Devoe held his hands wide. “Hey, I’m what I always was. A gambler. A hustler.”
“A ladies’ man?”
“Hey, Evelyn accepted me for what I am, warts and all.”
Hannibal gave him a hard look. “All I’ve read about Ms. Johnson led me to believe she was a woman of breeding and style. She was a leader in the black community not just in D.C., but in the capitol area. So a successful, attractive, wealthy woman closing on fifty chooses you? It’s hard to see.”
Hannibal had to admit Devoe had a devastating smile. “Hey, you know how it is with women. Sometimes they want a little wildness in their lives.” Devoe actually winked at Hannibal. “I’m good at supplying that.”
Hannibal forced his mind in a more useful direction. “She was shot through the heart with a thirty-eight revolver covered with your fingerprints.”
“It was my gun.” Devoe shrugged, again trying to bring Hannibal in on the joke. “I gamble for a living, my friend. Did you think I wouldn’t have a piece?”
“Papers say you have no alibi. Coroner establishes time of death between two and three in the morning. Maid found her body at seven-thirty. Where were you all night while your wife was busy getting murdered?”

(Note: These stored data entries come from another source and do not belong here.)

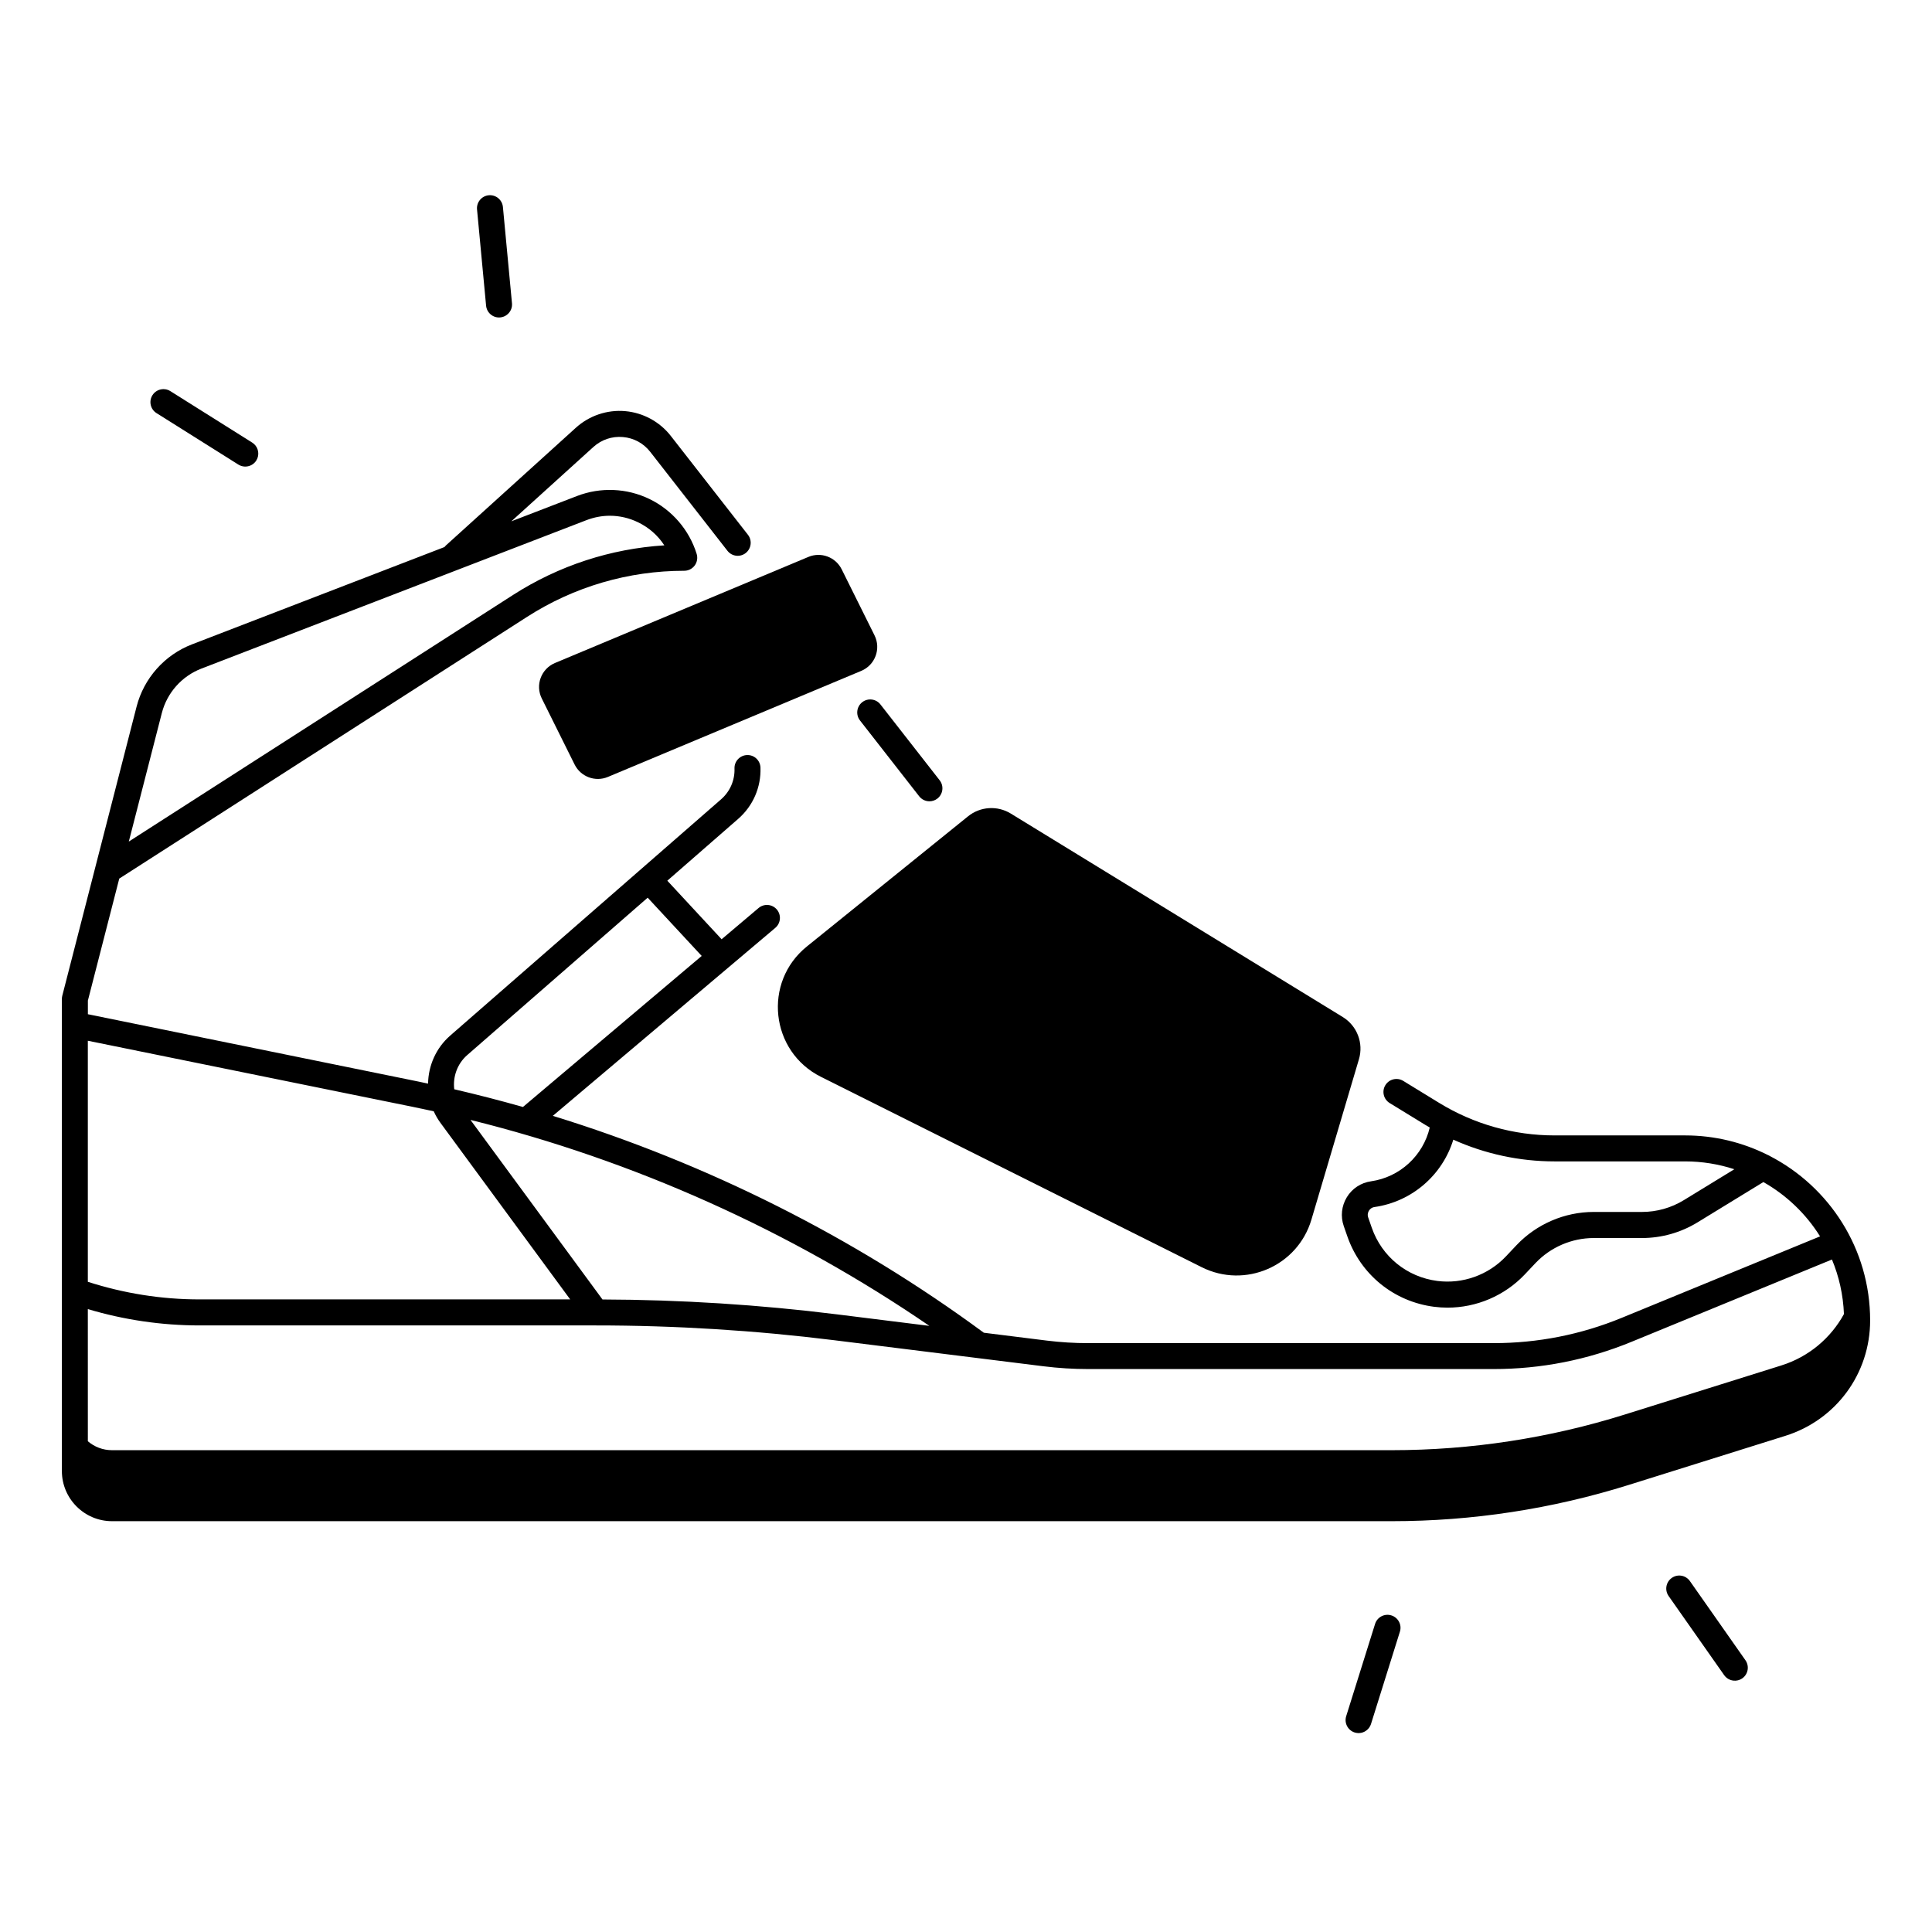 <?xml version="1.0" encoding="UTF-8"?>
<!-- Uploaded to: ICON Repo, www.iconrepo.com, Generator: ICON Repo Mixer Tools -->
<svg fill="#000000" width="800px" height="800px" version="1.1" viewBox="144 144 512 512" xmlns="http://www.w3.org/2000/svg">
 <g>
  <path d="m287.58 329.11 8.699 17.496c1.613 3.246 5.481 4.695 8.828 3.285l67.137-28.102c3.672-1.535 5.285-5.856 3.512-9.418l-8.699-17.496c-1.613-3.246-5.481-4.695-8.828-3.285l-67.137 28.102c-3.68 1.539-5.293 5.859-3.512 9.418z"/>
  <path d="m372.5 330.09c-1.496 1.172-1.762 3.336-0.602 4.832l15.695 20.102c0.68 0.867 1.691 1.328 2.715 1.328 0.738 0 1.484-0.234 2.117-0.727 1.496-1.172 1.762-3.336 0.602-4.832l-15.695-20.102c-1.164-1.504-3.328-1.77-4.832-0.602z"/>
  <path d="m361.57 429.38 100.91 50.449c11.504 5.746 25.406-0.285 29.059-12.613l12.594-42.508c1.27-4.269-0.492-8.855-4.289-11.188l-87.98-53.922c-3.551-2.176-8.09-1.879-11.324 0.738l-42.707 34.488c-11.711 9.445-9.715 27.836 3.738 34.555z"/>
  <path d="m613.05 450.37c-0.188-0.117-0.375-0.215-0.582-0.297-6.594-3.305-14.031-5.176-21.895-5.176h-34.605c-10.805 0-21.383-2.981-30.594-8.629l-9.504-5.824c-1.625-0.992-3.738-0.48-4.734 1.141-0.992 1.625-0.48 3.738 1.141 4.734l9.504 5.824c0.375 0.227 0.746 0.441 1.121 0.66-1.75 7.43-7.883 13.156-15.586 14.258-2.668 0.383-5 1.918-6.394 4.223-1.398 2.301-1.703 5.078-0.816 7.625l0.945 2.715c3.523 10.156 12.34 17.32 23.008 18.688 1.191 0.148 2.371 0.227 3.551 0.227 7.676 0 15.133-3.16 20.469-8.797l2.844-3.012c3.996-4.223 9.625-6.641 15.438-6.641h12.801c5.188 0 10.262-1.438 14.691-4.144l17.457-10.688c6.129 3.473 11.305 8.434 15.027 14.395l-52.594 21.598c-10.812 4.438-22.219 6.691-33.898 6.691l-107.43 0.004c-3.68 0-7.391-0.227-11.031-0.68l-16.66-2.078c-34.371-25.34-73.309-44.879-114.22-57.477l58.961-49.82c1.457-1.23 1.633-3.406 0.414-4.852-1.23-1.457-3.406-1.633-4.852-0.402l-9.801 8.285c-0.039-0.051-0.07-0.098-0.109-0.137l-14.27-15.391 18.793-16.395c3.926-3.426 6.07-8.375 5.894-13.578-0.07-1.898-1.633-3.394-3.562-3.324-1.898 0.07-3.387 1.664-3.324 3.562 0.109 3.121-1.18 6.09-3.531 8.148l-71.812 62.641c-3.777 3.297-5.785 7.981-5.863 12.723-0.848-0.176-1.691-0.363-2.547-0.543l-87.605-17.848v-3.609l8.316-32.336 108.08-69.363c12.449-7.988 26.852-12.211 41.645-12.211 1.094 0 2.125-0.523 2.773-1.398 0.648-0.875 0.836-2.016 0.523-3.059-1.969-6.356-6.523-11.66-12.516-14.562-5.984-2.902-12.98-3.188-19.188-0.797l-17.418 6.711 21.746-19.699c2.156-1.949 4.93-2.883 7.824-2.637 2.894 0.246 5.473 1.645 7.254 3.938l20.457 26.215c1.172 1.496 3.336 1.762 4.832 0.59 1.496-1.172 1.762-3.336 0.602-4.832l-20.457-26.215c-2.934-3.758-7.34-6.148-12.094-6.562-4.754-0.414-9.504 1.191-13.039 4.387l-34.422 31.172c-0.156 0.137-0.285 0.297-0.414 0.461l-66.914 25.789c-7.254 2.793-12.742 8.965-14.68 16.492l-19.691 76.617c-0.07 0.277-0.109 0.57-0.109 0.855v6.867 0.012 118.24c0 7.32 5.965 13.285 13.285 13.285h339.14c21.332 0 42.469-3.238 62.82-9.613l41.496-13.008c13.441-4.211 22.465-16.5 22.465-30.582 0.004-18.945-10.797-35.398-26.551-43.555zm-22.812 11.68c-3.344 2.047-7.184 3.129-11.098 3.129h-12.801c-7.695 0-15.145 3.207-20.438 8.797l-2.844 3.012c-4.656 4.91-11.434 7.34-18.145 6.477-8.051-1.031-14.711-6.445-17.379-14.109l-0.945-2.715c-0.285-0.816 0-1.465 0.188-1.781 0.195-0.316 0.641-0.867 1.496-0.984 9.957-1.426 17.996-8.5 20.871-17.852 8.402 3.777 17.535 5.758 26.824 5.758h34.605c4.555 0 8.934 0.738 13.047 2.078zm-403.35-129.09c1.387-5.383 5.305-9.781 10.488-11.777l102.03-39.332c2.027-0.777 4.121-1.172 6.211-1.172 2.559 0 5.106 0.582 7.5 1.742 2.883 1.398 5.254 3.504 6.938 6.102-14.25 0.895-28.004 5.391-40.078 13.137l-101.84 65.359zm203.41 162.41-24.492-3.051c-20.535-2.559-41.426-3.879-62.141-3.945l-34.98-47.586c43.285 10.734 84.84 29.391 121.61 54.582zm-122.48-71.762 47.824-41.711 14.316 15.438-47.371 40.027c-6.031-1.711-12.102-3.277-18.203-4.695-0.402-3.305 0.789-6.746 3.434-9.059zm-100.54-3.801 86.227 17.543c1.812 0.375 3.633 0.758 5.441 1.152 0.48 1.074 1.074 2.106 1.789 3.078l34.371 46.77-98.219 0.004c-10.086 0-20.023-1.586-29.609-4.664zm448.82 86.043-41.496 13.008c-19.996 6.269-40.836 9.457-61.797 9.457h-339.13c-2.441 0-4.676-0.895-6.394-2.371l-0.004-35.02c9.605 2.863 19.543 4.328 29.609 4.328h105.03c21 0 42.203 1.32 63.035 3.906l55.578 6.918c3.926 0.492 7.922 0.738 11.875 0.738h107.41c12.586 0 24.875-2.422 36.516-7.203l53.156-21.824c1.871 4.477 2.973 9.348 3.18 14.453-3.473 6.356-9.32 11.336-16.57 13.609z"/>
  <path d="m185.48 253.48 21.688 13.637c1.613 1.012 3.738 0.531 4.754-1.082 0.117-0.188 0.215-0.395 0.297-0.59 0.582-1.504 0.039-3.266-1.379-4.152l-21.688-13.637c-1.613-1.012-3.738-0.531-4.754 1.082-1.016 1.602-0.531 3.731 1.082 4.742z"/>
  <path d="m276.57 228.12c1.34-0.129 2.43-1.004 2.894-2.184 0.188-0.48 0.266-1.012 0.215-1.566l-2.402-25.516c-0.176-1.891-1.859-3.285-3.75-3.109-1.891 0.176-3.285 1.859-3.109 3.75l2.402 25.516c0.18 1.891 1.863 3.289 3.75 3.109z"/>
  <path d="m591.84 563c-1.094-1.555-3.238-1.938-4.801-0.836-1.555 1.094-1.93 3.238-0.836 4.801l14.719 20.969c0.816 1.16 2.215 1.664 3.512 1.398 0.453-0.09 0.887-0.277 1.289-0.551 1.555-1.094 1.93-3.238 0.836-4.801z"/>
  <path d="m512.73 572.1c-1.812-0.57-3.75 0.441-4.32 2.254l-7.656 24.453c-0.57 1.812 0.441 3.75 2.254 4.32 0.582 0.176 1.16 0.207 1.723 0.09 1.191-0.246 2.203-1.113 2.598-2.344l7.656-24.453c0.582-1.812-0.434-3.75-2.254-4.32z"/>
 </g>
</svg>

Devoe stopped smiling and sipped from a cup of water. Hannibal figured this must be the face he played poker with. “Evelyn was the ballet type, you know? I’m more into horses. I drove up to Rosecroft Raceway for the day. It got late. I found a place to stay.”
Hannibal paced the room, left to right in front of Devoe. “This place you found to stay, did it have any witnesses in it, do you suppose?”
“The guys I shoot craps with don’t talk to police, brother,” Devoe said, his smirk returning. “Some of the betting that went on that night, well, it wasn’t exactly what you’d call legal, know what I mean? I might not survive long if I was to cop to where I was or who else was there.”
The room felt even smaller than it was, so Hannibal headed for the door. “Well I’m getting paid to see if you might get off, so I guess I’d better talk to your lawyer.”
“Hey!” Devoe’s call betrayed an unexpected note of desperation, so Hannibal stopped to look back. Devoe’s face had changed, as if opening the door had pulled the plug holding the confidence in him. As it leaked out he began to look smaller.
“Look here, I’ve never been in the joint in my life. I don’t think I can do time. Now I won’t pretend I was in love with Evelyn, or even that I did right by her. But I’m not a killer, man, you must see that. Don’t let them burn me just cause I was a bad husband.”
* * *
Hannibal’s meeting with Devoe’s lawyer was just a few blocks from the courthouse. Hannibal’s White Volvo GLT pulled into a space beside the corner restaurant just as the lunch rush began. The sun was a bright autumn ball directly overhead, but the sharp glare it cast was a cold light. Frank Gordon sat at an umbrella table in the Blue Point Grill’s outdoor cafe area. The pencil thin attorney in the blonde crew cut held his fork like a scalpel, his every move an expression of precision. He looked up and smiled, yet Hannibal hesitated because Gordon had company.
“Come on, have a seat,” Gordon called in a slightly Yale flavored accent. “Harriet decided to join me for lunch for a change.”
Hannibal removed his gloves and sat facing the street, to the left of Mrs. Gordon. She wasn’t fat, but plump enough to make her appear even shorter than she was. Her thin brown hair cupped her face like hands she was trying to hide behind. She smiled as Hannibal sat and seemed startled when he offered his hand.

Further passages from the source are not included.